**Activity:**
Can you transcribe every entry word for word, skipping the images?

──────── Information shown

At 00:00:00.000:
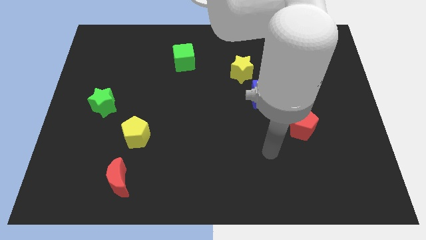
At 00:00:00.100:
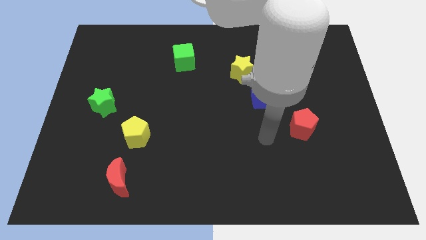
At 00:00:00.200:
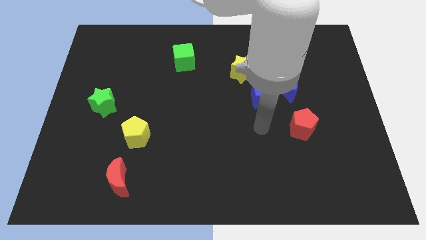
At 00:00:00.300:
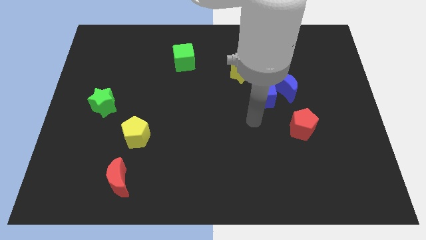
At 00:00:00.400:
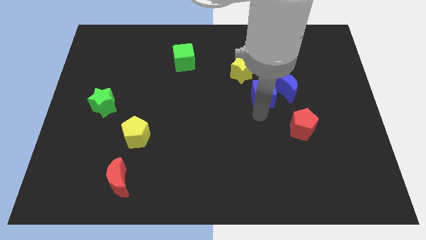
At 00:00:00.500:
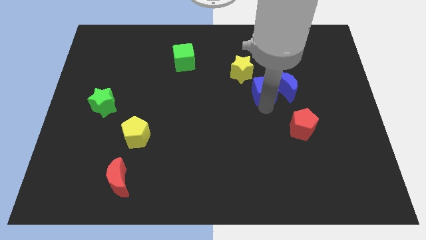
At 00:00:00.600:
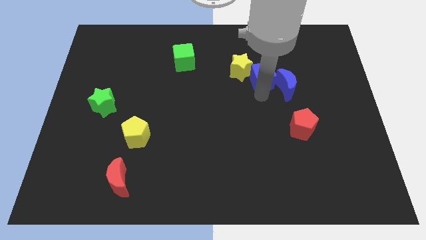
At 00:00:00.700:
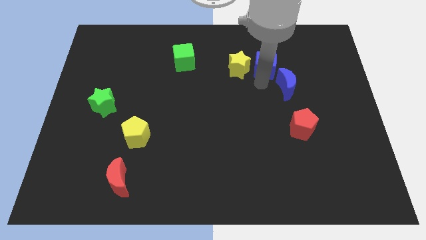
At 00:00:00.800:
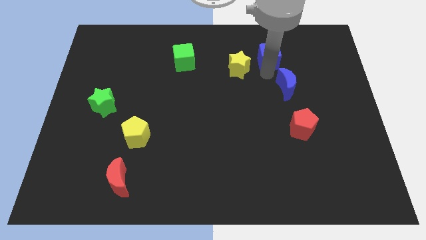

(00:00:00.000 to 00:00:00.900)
pull the blue moon apart from the blue cube

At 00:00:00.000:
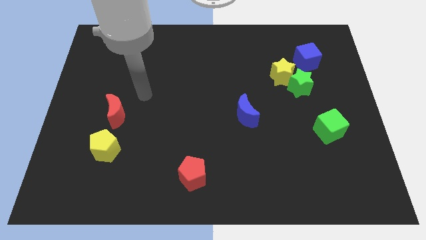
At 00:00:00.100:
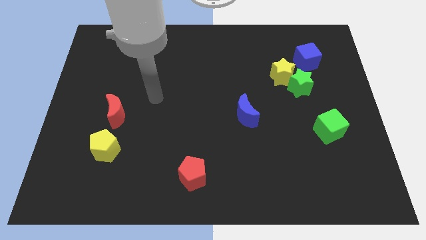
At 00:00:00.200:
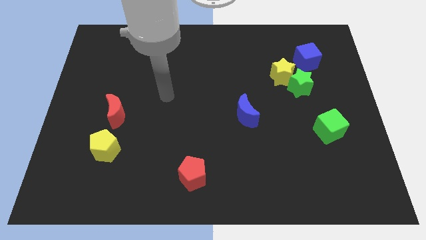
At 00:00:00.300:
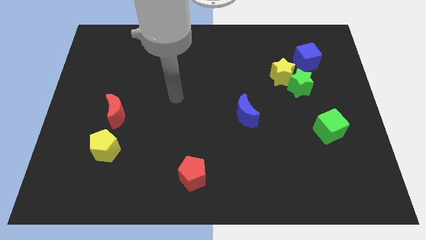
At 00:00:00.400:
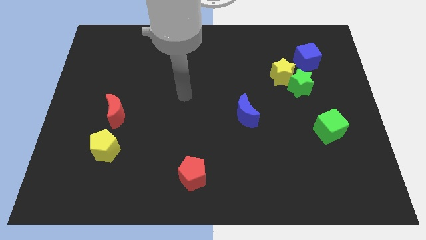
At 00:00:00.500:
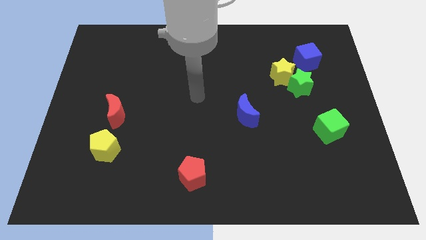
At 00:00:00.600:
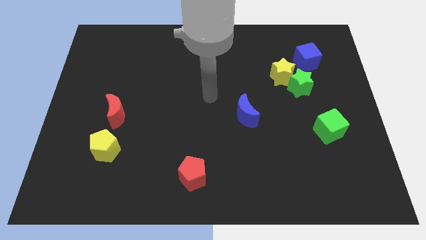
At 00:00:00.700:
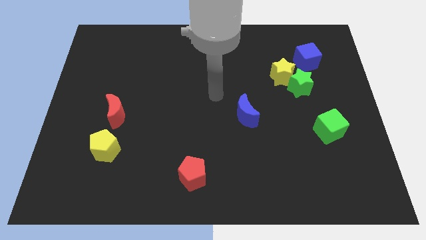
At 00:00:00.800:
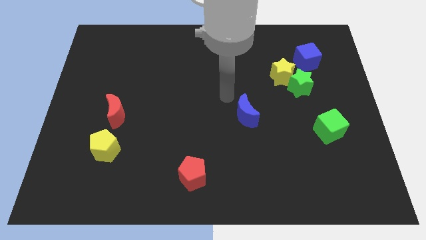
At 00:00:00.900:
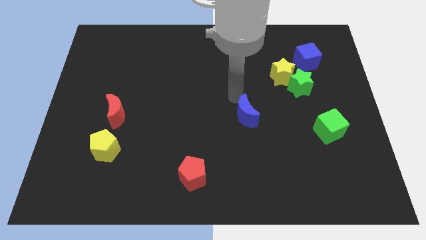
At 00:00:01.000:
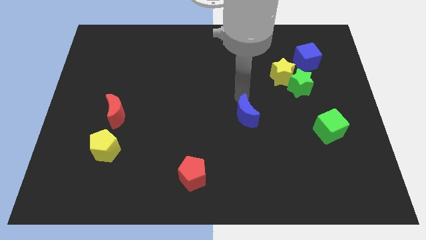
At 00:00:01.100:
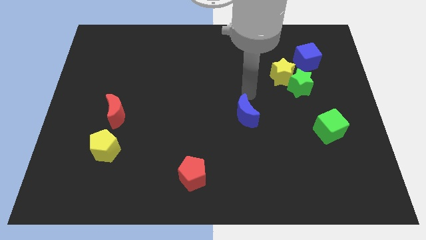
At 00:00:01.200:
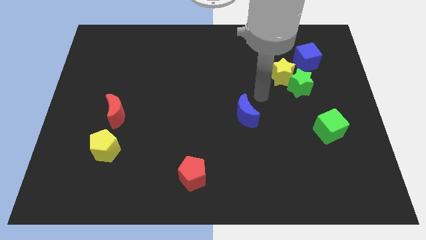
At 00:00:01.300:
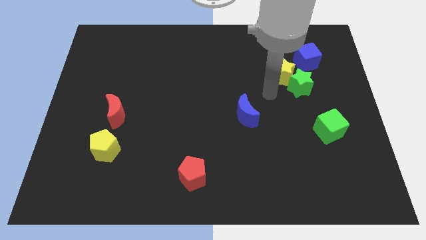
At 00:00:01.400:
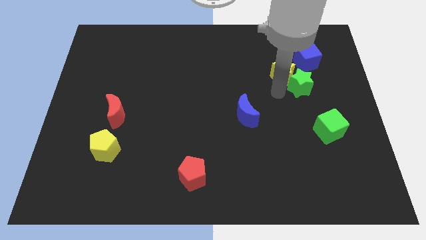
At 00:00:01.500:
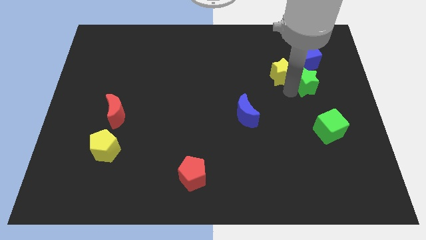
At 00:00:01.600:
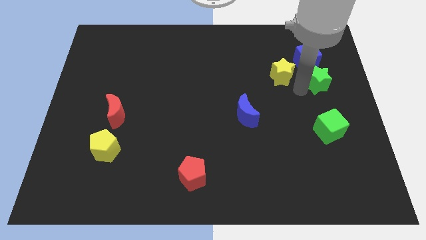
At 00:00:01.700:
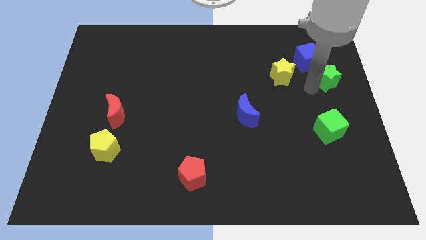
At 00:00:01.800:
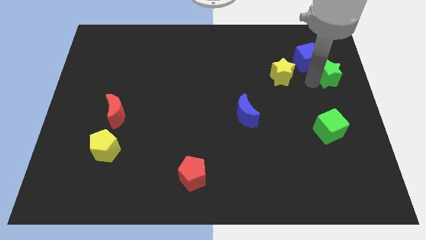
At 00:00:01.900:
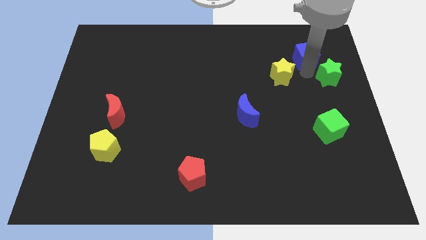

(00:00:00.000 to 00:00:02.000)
pull the yellow star apart from the green star and blue cube

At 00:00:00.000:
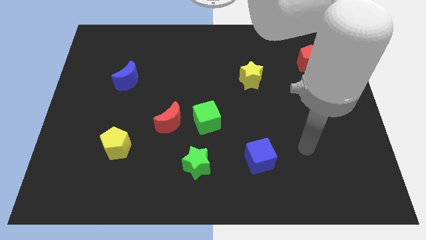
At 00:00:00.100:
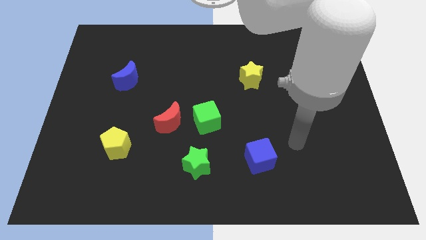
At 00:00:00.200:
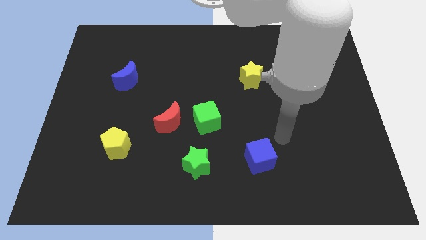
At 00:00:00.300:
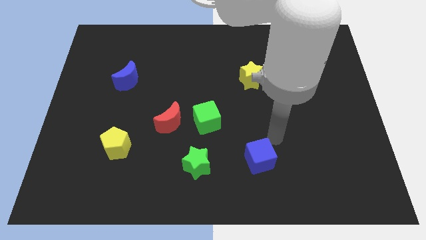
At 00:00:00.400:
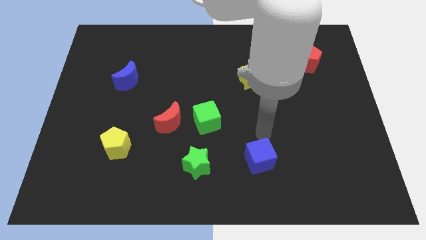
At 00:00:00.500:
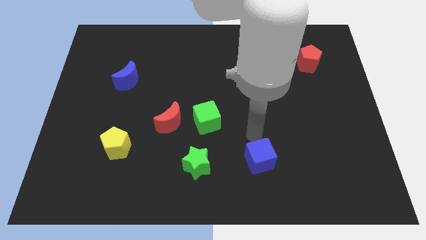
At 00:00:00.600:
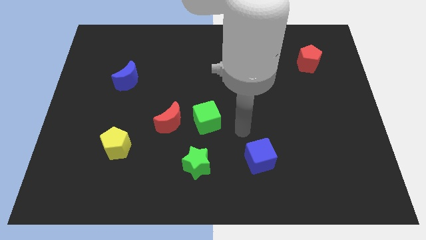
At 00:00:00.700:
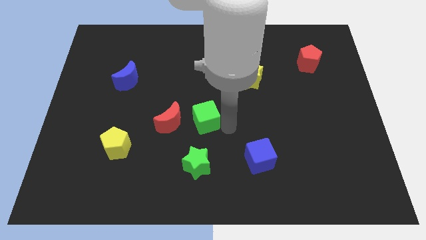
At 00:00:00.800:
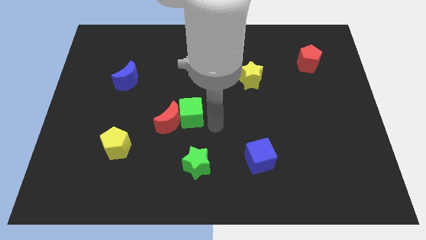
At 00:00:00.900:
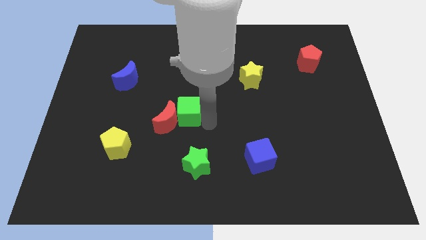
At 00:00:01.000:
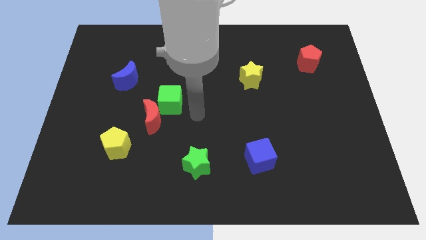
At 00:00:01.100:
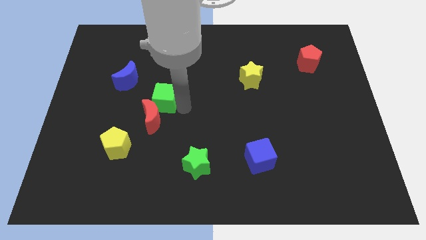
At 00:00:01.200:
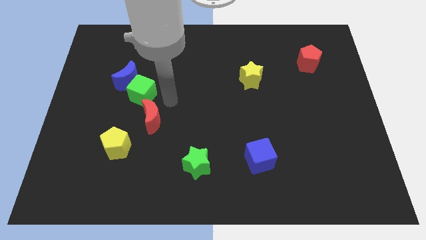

────────────────

**Exercise solution:**
At 00:00:00.000:
At 00:00:00.100:
At 00:00:00.200:
At 00:00:00.300:
At 00:00:00.400:
At 00:00:00.500:
At 00:00:00.600:
At 00:00:00.700:
At 00:00:00.800:

(00:00:00.000 to 00:00:00.900)
pull the blue moon apart from the blue cube

At 00:00:00.000:
At 00:00:00.100:
At 00:00:00.200:
At 00:00:00.300:
At 00:00:00.400:
At 00:00:00.500:
At 00:00:00.600:
At 00:00:00.700:
At 00:00:00.800:
At 00:00:00.900:
At 00:00:01.000:
At 00:00:01.100:
At 00:00:01.200:
At 00:00:01.300:
At 00:00:01.400:
At 00:00:01.500:
At 00:00:01.600:
At 00:00:01.700:
At 00:00:01.800:
At 00:00:01.900:

(00:00:00.000 to 00:00:02.000)
pull the yellow star apart from the green star and blue cube

At 00:00:00.000:
At 00:00:00.100:
At 00:00:00.200:
At 00:00:00.300:
At 00:00:00.400:
At 00:00:00.500:
At 00:00:00.600:
At 00:00:00.700:
At 00:00:00.800:
At 00:00:00.900:
At 00:00:01.000:
At 00:00:01.100:
At 00:00:01.200:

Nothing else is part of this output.